Minnie Fine, my grandmother, passed away 2004 January 25, Sunday morning, and her funeral was a week later, February 1, to give her family time to make travel plans to her home in Montréal, Québec. She was born 1902 July 16. Her children and five of six grandchildren were able to make the trip, the first time we have all been together in a dozen years.
I share my grandmother's virtues and her faults: I'm clever, I form strong opinions, and I have a firm sense of doing the right thing. She held a grudge longer than I do, if that's possible, but she had similar duration of memory for good deeds.
After losing her husband with two small children, Minnie Fine ran her business and raised her family. She had enough left over for financial comfort in her old age and for deep and enduring friendships. She taught me that life's commitments should be honored and life's pleasures should be enjoyed.
Stories were her medium for communicating life's deepest messages about maintaining values and keeping promises.

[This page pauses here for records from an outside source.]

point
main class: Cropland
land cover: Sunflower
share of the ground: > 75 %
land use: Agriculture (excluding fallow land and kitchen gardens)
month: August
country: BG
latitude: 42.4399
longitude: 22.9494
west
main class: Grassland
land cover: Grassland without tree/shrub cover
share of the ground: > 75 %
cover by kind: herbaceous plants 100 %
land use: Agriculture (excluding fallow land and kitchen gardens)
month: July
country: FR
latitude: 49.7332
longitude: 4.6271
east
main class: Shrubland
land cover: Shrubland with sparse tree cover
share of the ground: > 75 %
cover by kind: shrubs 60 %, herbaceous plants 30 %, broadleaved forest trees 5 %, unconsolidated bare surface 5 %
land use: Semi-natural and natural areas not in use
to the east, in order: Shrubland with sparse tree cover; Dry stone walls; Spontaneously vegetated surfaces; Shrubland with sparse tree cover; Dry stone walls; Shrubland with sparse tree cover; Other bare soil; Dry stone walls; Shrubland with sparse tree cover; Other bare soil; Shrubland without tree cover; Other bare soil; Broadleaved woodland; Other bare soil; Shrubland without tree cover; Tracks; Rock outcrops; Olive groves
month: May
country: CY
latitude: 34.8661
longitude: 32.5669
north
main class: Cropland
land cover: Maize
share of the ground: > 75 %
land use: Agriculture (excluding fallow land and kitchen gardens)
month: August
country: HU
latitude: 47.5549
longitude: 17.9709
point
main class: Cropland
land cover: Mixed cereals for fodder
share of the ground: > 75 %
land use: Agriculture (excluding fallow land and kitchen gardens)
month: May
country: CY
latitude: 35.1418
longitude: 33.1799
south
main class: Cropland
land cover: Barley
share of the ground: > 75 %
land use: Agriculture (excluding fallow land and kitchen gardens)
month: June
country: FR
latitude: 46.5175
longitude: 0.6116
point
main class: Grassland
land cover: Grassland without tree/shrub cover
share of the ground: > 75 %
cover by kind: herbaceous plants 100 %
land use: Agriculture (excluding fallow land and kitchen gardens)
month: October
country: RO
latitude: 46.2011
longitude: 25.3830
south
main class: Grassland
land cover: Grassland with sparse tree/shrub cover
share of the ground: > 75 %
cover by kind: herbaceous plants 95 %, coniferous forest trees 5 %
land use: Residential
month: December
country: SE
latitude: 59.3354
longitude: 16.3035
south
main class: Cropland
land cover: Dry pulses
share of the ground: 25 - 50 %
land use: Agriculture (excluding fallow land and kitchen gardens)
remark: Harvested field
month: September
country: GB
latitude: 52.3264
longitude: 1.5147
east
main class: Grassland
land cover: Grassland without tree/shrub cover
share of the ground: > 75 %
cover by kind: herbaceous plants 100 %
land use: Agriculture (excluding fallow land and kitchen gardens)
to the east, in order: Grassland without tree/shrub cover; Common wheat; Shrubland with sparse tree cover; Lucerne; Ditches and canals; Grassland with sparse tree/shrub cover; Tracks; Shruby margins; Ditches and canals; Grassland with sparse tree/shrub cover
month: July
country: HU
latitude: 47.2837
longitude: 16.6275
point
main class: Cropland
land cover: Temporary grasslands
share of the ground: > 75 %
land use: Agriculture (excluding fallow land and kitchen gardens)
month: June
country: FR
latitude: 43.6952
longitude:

There were childhood stories from the Canadian province of New Brunswick, young-woman stories moving to Montréal, Québec, classroom stories from her teaching years, stories of being a single parent raising a family in hard times, stories of people doing the right thing, herself and others, and stories of people falling from grace.
For the lion's share of the twentieth century, Minnie Fine blessed her family and friends with a vibrant presence, a firm sense of doing right, and a terrific sense of humor. After 101 years, as she would have wanted, her funeral was more a celebration of her life and joy than a lamentation of her passing. I see her face in the mirror.
8:02:11 Mountain Standard Time (MST).